With Messrs. Bush and Gore each having about $50 million of their own advertising behind them, one of them figured to seize on the ad message, the theme, the vision that would have touched and motivated more than 50.0001% of voters who turned out on Election Day. It didn't happen.

There's a reluctance here to criticize too strenuously these ad campaigns. They treated voters seriously. By and large, they had substance. They talked issues...and issues and issues. As national political ad campaigns go, they were civil. Little mud was flung. They generally avoided jingoism, blatant character assassination and appeals to fear and emotion. For those who are sick and tired of the nasty and negative in political ads, there was little in the official campaigns to gripe about.

But they failed to move a respectable majority to make the right purchase on Election Day. And that in politics is the measure that counts.

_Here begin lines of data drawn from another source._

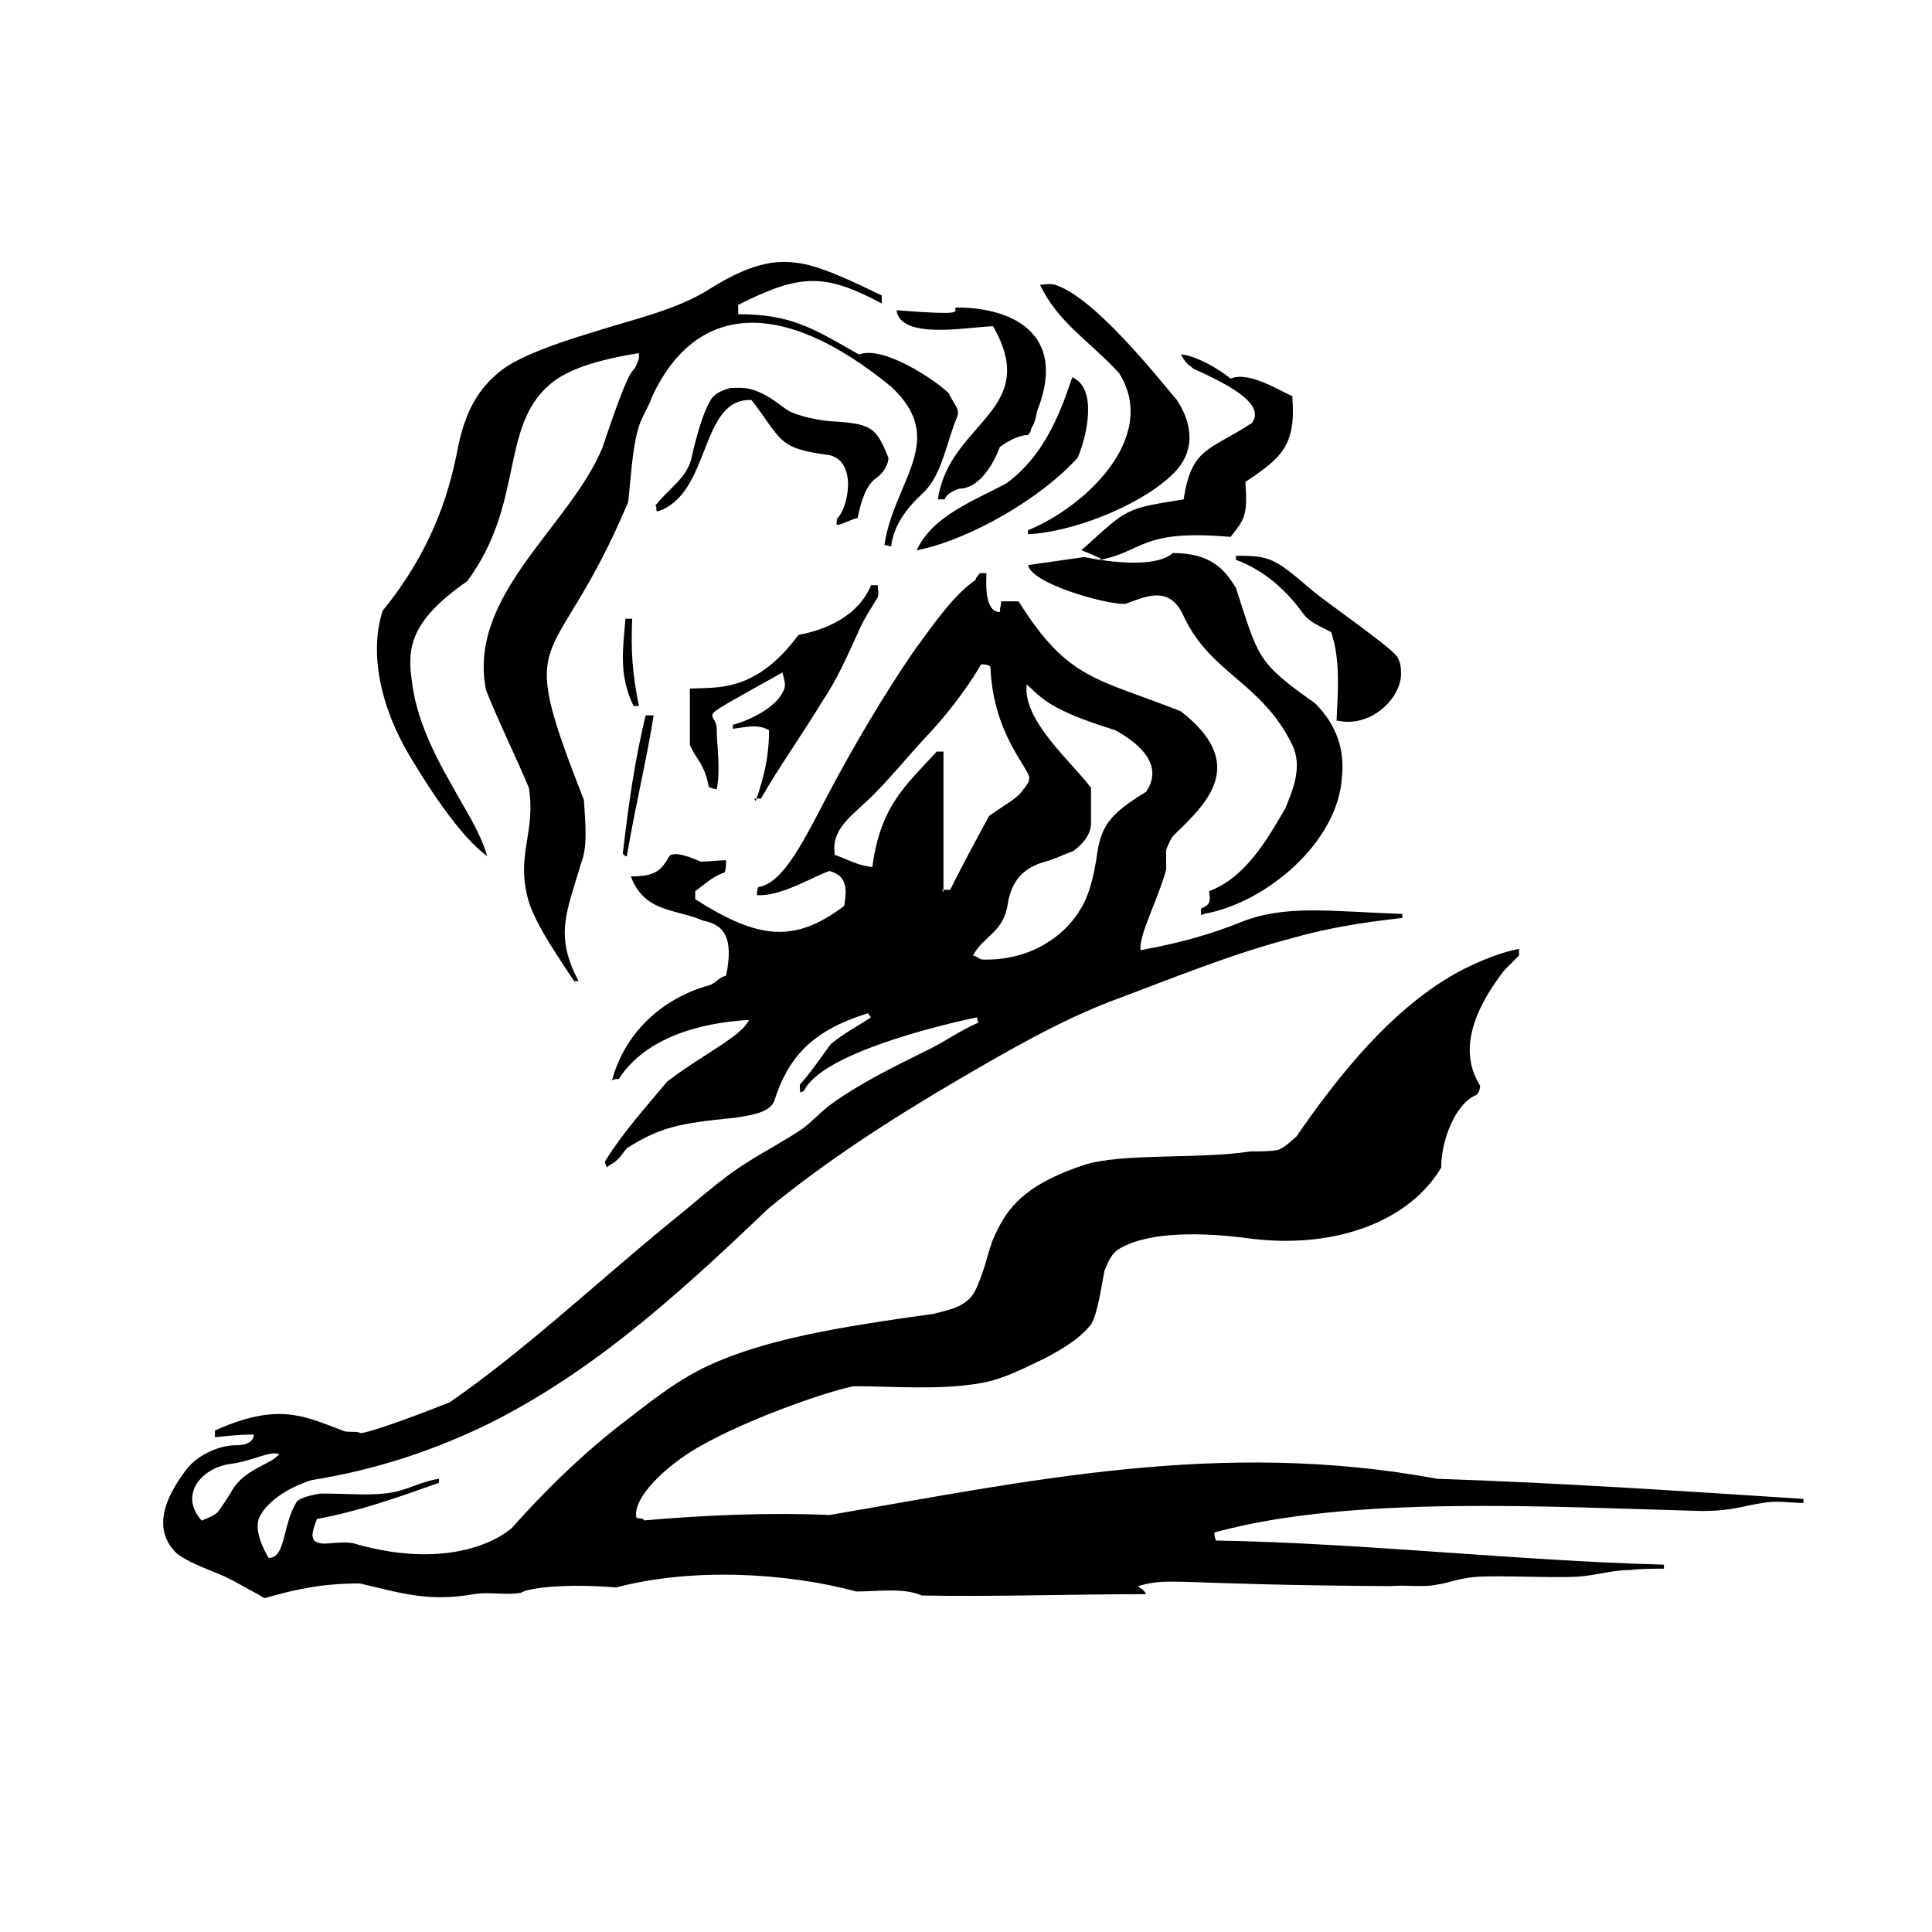 <?xml version="1.0" encoding="UTF-8"?>
<svg id="Layer_1" xmlns="http://www.w3.org/2000/svg" version="1.1" viewBox="0 0 144 144">
  <!-- Generator: Adobe Illustrator 29.1.0, SVG Export Plug-In . SVG Version: 2.1.0 Build 142)  -->
  <defs>
    <style>
      .st0 {
        fill-rule: evenodd;
      }
    </style>
  </defs>
  <g id="Layer_11" data-name="Layer_1">
    <path class="st0" d="M89.52,68.22v-.5c.7-.3.7-.5.6-1.3,2.7-1,4.3-3.8,5.7-6.2.5-1.3,1.3-3,.5-4.7-2.3-4.7-6.1-5.3-8.1-9.6-1.1-2.5-3.1-1.3-4.4-.9-1.5,0-6.9-1.5-7.2-2.9,1.4-.2,2.8-.4,4.2-.6,3,.6,5.6.6,6.6-.3,2.9,0,3.9,1.3,4.7,2.6,1.7,5.2,1.5,5.5,5.9,8.6,1.7,1.7,2.2,3.6,2,5.5-.3,4.9-5.7,9.4-10.3,10.2h0l-.2.1ZM19.22,118.82c-1-.5-1.9-1.1-2.9-1.5-1.2-.5-2.3-.9-3.1-1.5-1.5-1.4-1.5-3.4.6-6.2.8-1.1,2.4-1.9,3.8-1.9.8,0,1.3-.3,1.3-.8-1,0-1.9.1-2.9.2v-.5c4.7-2.1,6.6-1.1,9.5,0,.4.2.9,0,1.4.2,1.2-.2,5.1-1.7,6.6-2.3,5.5-3.8,10.7-8.7,16.3-13.3,1.9-1.5,3.8-3.3,5.9-4.6,1.4-.9,2.8-1.6,4.1-2.5.7-.5,1.4-1.3,2.1-1.8,2.2-1.6,4.7-2.8,7.1-4,1.3-.6,2.5-1.5,3.9-2.1,0-.1-.1-.2-.1-.4-2.8.6-11.6,2.7-12.9,5.5-.1,0-.2.2-.3,0v-.5c.6-.6,1.2-1.5,2.3-3,1.1-.9,2.3-1.5,3-2,0,0-.2-.2-.2-.3-4.3,1.3-6,3.4-7,6.5-.3.9-1.7,1.1-3,1.3-4.1.4-5.5.7-7.9,2.2-.3.2-.5.7-.9,1-.2.2-.5.3-.7.5,0-.2-.2-.3-.1-.5,1.3-2.1,3.1-4.1,4.6-5.9,2.6-2,5.6-3.4,6.1-4.6-3.6.2-7.7,1.3-9.7,4.4-.2,0-.3,0-.5.1.9-3.4,3.6-6.1,7.3-7.1.5-.2.7-.6,1.2-.7.6-2.9-.2-3.8-1.7-4.1-2.1-.9-4.4-.6-5.4-3.3,1.6,0,2.2-.3,2.8-1.4.2-.5,1.3-.2,2.4.3.7,0,1.2-.1,1.9-.1,0,.3,0,.6-.1.9-.9.3-1.5.9-2.2,1.4v.6c4.7,3,7.4,3.3,11.1.5.3-1.6,0-2.3-1.1-2.6-1.4.5-3.6,1.9-5.4,1.8,0-.2,0-.4.1-.6,1.9-.3,3.4-3.5,5.3-7.1,1.8-3.4,4.1-7.3,6.3-10.5,1.6-2.2,3-4.2,4.6-5.3,0-.2.2-.3.3-.5h.5c0,.5-.2,2.9,1,2.9,0-.3.1-.5.1-.8h1.3c3.7,5.9,5.8,5.7,12.1,8.2,5,3.9,2,6.8-.5,9.2-.3.3-.4.7-.6,1.1v1.5c-.6,2.2-2.1,5-1.9,6,3.3-.6,5.5-1.3,7.5-2.1,3.3-1.3,6.5-.8,12-.6v.3c-2.7.3-5.4.7-8.2,1.5-4.6,1.2-9.2,3.1-13.5,4.7-3.9,1.5-7.7,3.7-11.3,5.8-5.3,3.1-10.2,6.3-14.3,9.7-7.3,7-13.4,12.3-20.8,16-3.9,1.9-8.2,3.4-13.2,4.2-1.9.6-3.4,1.7-3.9,2.8-.3.7,0,1.8.7,3,1.3,0,1-2.4,2.1-4.2.3-.3,1.1-.5,1.8-.6,2.1,0,3.8.2,5.4-.1,1.1-.2,2.1-.8,3.4-1v.3c-3.1,1.1-5.9,2.1-9.1,2.7-.2.6-.5,1.2-.2,1.6.6.5,1.5,0,2.9.2,6.1,1.8,10.1.3,11.8-1.1,3.3-3.7,6.2-6.3,9-8.4,1.8-1.4,3.5-2.7,5.6-3.7,4.3-2,9.7-2.9,16.9-3.9,1.1-.3,1.8-.4,2.5-1,.5-.4.7-1,.9-1.5.6-1.5.7-2.6,1.3-3.7,1-2.1,2.6-3.6,6.5-4.9,2.9-.9,8.5-.4,12.4-1,.7,0,1.4,0,2-.1.6-.2,1-.7,1.4-1,3.1-4.5,7.2-9.7,12.3-12.4,1.4-.7,2.8-1.3,4.3-1.6v.5l-1.1,1.1c-1.7,2.2-3.7,5.6-1.8,8.6,0,0,0,.5-.3.7-1.5.6-2.6,3.3-2.6,5.4-2.3,3.9-7.7,6.1-14.2,5.3-3.6-.5-7.4-.5-9.5.6-.9.4-1.1,1.1-1.4,1.8-.2,1-.5,3.2-1,4-.9,1.1-2.1,1.8-3.4,2.5-1.5.7-3.1,1.6-5,1.9-3,.5-6.5.2-9.3.2-1.6.3-7.4,2.2-11.5,4.5-2.6,1.5-4.9,3.8-4.7,5.2,0,.3.4,0,.6.3,4.6-.4,9.4-.6,13.8-.4,14.7-2.5,29.1-5.7,45.3-2.7,9,.3,18.1.9,27.3,1.5v.3c-1,0-2-.2-3,0-1.5.2-2.2.6-4.6.6-11.4-.3-26.1-1.2-36.3,1.6,0,.2,0,.3.1.6,11.1.2,22.3,1.5,33.4,1.8v.3c-.8,0-1.7,0-2.5.1-1.4,0-2.5.4-4,.5-1.8.1-5.5-.1-7.4,0-1.4.1-2.2.5-3.1.6-.9.2-2.1,0-3.4.1-16.5-.1-16.3-.7-18.8,0,.2.2.4.2.6.6-5.5,0-11.3.2-16.7.1-1.4-.6-3.2-.3-4.9-.3-5.2-1.4-12.2-1.8-17.9-.3-3.6-.3-6.5,0-7.1.4-1.3.2-2.3-.1-3.5.1-3.4.6-5.5-.1-8.5-.8-2.7,0-4.7.4-7.1,1.1h0l-.5-.3ZM15.02,113.32c-1.7-1.9,0-3.9,2.1-4.2,1.7-.2,3.2-1.1,3.7-.7-.2.1-.3.3-.7.5-.9.5-2.2,1-2.9,2.3-.3.5-.7,1.1-1,1.5-.5.4-1,.5-1.1.6h-.1ZM70.32,66.52v-10.5h-.5c-2.4,2.6-4.2,4.1-4.8,8.6-1.1-.1-1.9-.6-2.8-.9-.3-2,1.3-2.9,2.9-4.5,1.3-1.3,2.6-2.9,3.9-4.3,2.1-2.2,3.6-4.5,4.1-5.4.2,0,.6,0,.7.2.2,4.8,2.6,7.2,2.9,8.2,0,.4-.2.6-.5,1-.4.6-1.4,1.1-2.5,1.9-1.13,2.07-2.1,3.9-2.9,5.5h-.6l.1.2ZM73.22,71.52c-.2,0-.5-.3-.7-.3.8-1.5,2.3-1.7,2.6-3.9.3-1.8,1.3-2.7,2.8-3.1.7-.2,1.3-.5,2.1-.8.8-.6,1.3-1.3,1.3-2.1v-2.6c-1.5-2-5.1-5-4.8-7.7,1.1.9,1.4,1.8,6.6,3.4,2,1.1,3.6,2.7,2.3,4.6-2.8,1.7-3.4,2.6-3.7,5-.2,1.2-.5,2.6-1.1,3.6-1.3,2.3-4,4-7.4,3.9h0ZM42.92,73.32c-2-3-3.4-5.1-3.7-6.9-.6-2.9.7-4.6.2-7.7-1-2.4-2.3-5-3.2-7.3-1.4-7.1,6.3-12.2,8.7-18.1,2.5-7.5,2.1-4.8,2.7-6.6v-.4c-3.1.5-5.3,1.2-6.6,2.3-3.8,3.2-1.9,8.9-6.2,14.7-4.3,3-4.5,5-4.1,7.6.3,2.4,1.4,4.9,2.9,7.5.9,1.7,2.1,3.4,2.7,5.4-1.9-1.4-4-4.5-5.8-7.5-2.2-3.7-3-7.7-2-10.8,3.5-4.3,4.9-8.4,5.6-12.1.5-2.5,1.4-4.5,3.5-6,1.3-.9,3.7-1.8,6.7-2.7,2.8-.9,6.1-1.6,8.6-3.2,3.5-2.2,5.3-2.1,6.7-1.9,1.9.3,4.6,1.7,6.1,2.4v.6c-4.3-2.3-6.1-2.2-10.7.1v.7c3.9,0,5.5,1,9,3,1.8-.7,5.7,1.9,6.7,2.9.3.7.9,1.2.6,1.8-.7,1.6-1.1,4.3-2.5,5.6s-2.2,2.5-2.4,4c-.2,0-.3-.1-.5-.1.7-4.8,4.8-7.8.5-11.8-8.3-6.8-14.6-6.1-17.8.7-.3.9-.9,1.7-1.1,2.6-.4,1.5-.5,3.5-.7,5.3-5.6,13.3-8.6,8.7-3.3,22.2.1,1.7.3,3.4-.2,4.7-1.1,3.7-2,5.4-.2,8.8h-.3l.1.2ZM69.92,37.12c.9-5.7,7.7-6.5,4.1-12.8-1.6,0-6.9,1.1-7.2-1.2,1.3.1,2.5.2,3.7.2s.4-.4.8-.4c4.2,0,8.1,2,6.1,7.4-.2.4-.2,1.1-.5,1.5-.1.1,0,.3-.3.6-.5,0-1.3.3-2.1.9-.6,1.6-1.7,3.1-3,3.1-.7.2-1.1.6-1.1.8h-.5v-.1ZM62.42,38.62c.8-.8,1.5-4.2-.6-4.7-3.9-.5-3.5-1.1-5.8-4.1-3.9-.2-3,7-7,8.3-.2,0,0-.5-.2-.4,1-1.3,2.3-2,2.7-3.5.4-1.8.9-3.5,1.4-4.3.2-.5.8-.8,1.5-1,.5,0,1.1-.1,1.9.2.8.3,1.2.6,2.3,1.4.7.5,2.8.9,3.7.9,2.7.2,3,.5,3.9,2.7,0,.4-.3,1.1-.9,1.5-.7.5-1.1,1.5-1.4,3-.3,0-1.2.5-1.5.5-.2,0,.1-.6-.1-.5h.1ZM76.62,39.82v-.3c4.2-1.7,9.8-6.9,6.8-11.7-2.2-2.4-4.6-3.8-5.9-6.6.3,0,.7-.1,1.1,0,2.9.9,7.5,6.7,9.1,8.6,1.5,2.3,1.1,4.3-.5,5.7-2.5,2.3-7.5,4.2-10.7,4.3h.1ZM68.32,41.02c1.2-2.6,4.3-3.7,6.7-5,2.7-2,3.9-4.9,4.9-7.9,1.9.8,1.1,4.4.4,6-2.7,3-8,6.1-12,6.9h0ZM82.02,41.62c-.2-.1-1.1-.5-1.4-.6,0-.1.2-.2.2-.2,3.3-3,3.1-2.9,7.4-3.6.6-3.9,1.9-3.6,5.1-5.7.7-1-.2-2.2-4.3-4-.7-.5-.7-.6-1-1.1.6,0,2.2.6,3.7,1.8,1.4-.6,3.8,1,4.6,1.3.3,3.7-.8,4.6-3.5,6.4.2,2.6-.1,2.8-1.1,4.1-6.7-.6-6.5,1.1-9.7,1.7h0v-.1ZM47.22,52.62c-1.1-2.3-.8-4.1-.6-6.5h.5c-.1,2.4,0,4,.5,6.5h-.5.1ZM99.62,53.72c.1-2.3.3-4.5-.4-6.6-.7-.4-1.6-.7-2.1-1.4-1.3-1.8-2.9-3.2-5-4v-.3c2.6,0,2.9.2,5.7,2.6,1.2,1,5.7,4.1,6.3,4.9.2.3.3.7.3,1.1.1,1.1-.7,2.6-2.3,3.4-.7.3-1.4.5-2.4.3h-.1ZM56.32,59.72c.7-2,1-3.5,1-5.3-.9-.5-1.8-.2-2.7-.1v-.3c1.2-.3,3.3-1.3,3.8-2.6.2-.4,0-.8-.1-1.3-7.3,4.1-4.8,2.5-4.9,4.4,0,.7.3,3,0,4.3-.2,0-.5-.1-.6-.2-.3-1.7-1-2.1-1.4-3.1v-4.2c2.1-.1,4.9.3,8.1-4,2.2-.4,4.5-1.5,5.4-3.7h.5c0,.3.1.6,0,.9-.4.7-1,1.5-1.5,2.7-.7,1.5-1.5,3.4-2.6,5-1.5,2.5-3.3,5-4.6,7.3h-.5l.1.2ZM46.62,63.82l-.2-.2c.4-3.5.9-7,1.7-10.3h.6c-.5,3.2-1.4,6.9-2,10.5h-.1Z"/>
  </g>
</svg>

Equally as important is the question of how deeply campaign ads are penetrating the voter marketplace. We know about "mobilizing your base." The Bush base and the Gore base neutralized one another. Who was getting the first-time voter? Or the voter who gave up on politics but was moved by a candidate or candidate ad to come out on Election Day?

The evidence here is not good at all. According to preliminary calculations, 50.7% of the eligible electorate voted-barely higher than 1996, a year of historic low turnout. As Gov. Bush and Vice President Gore agonized over a few hundred votes, think of the millions that were never cast. If that isn't a failure of advertising to sell, we don't know what is.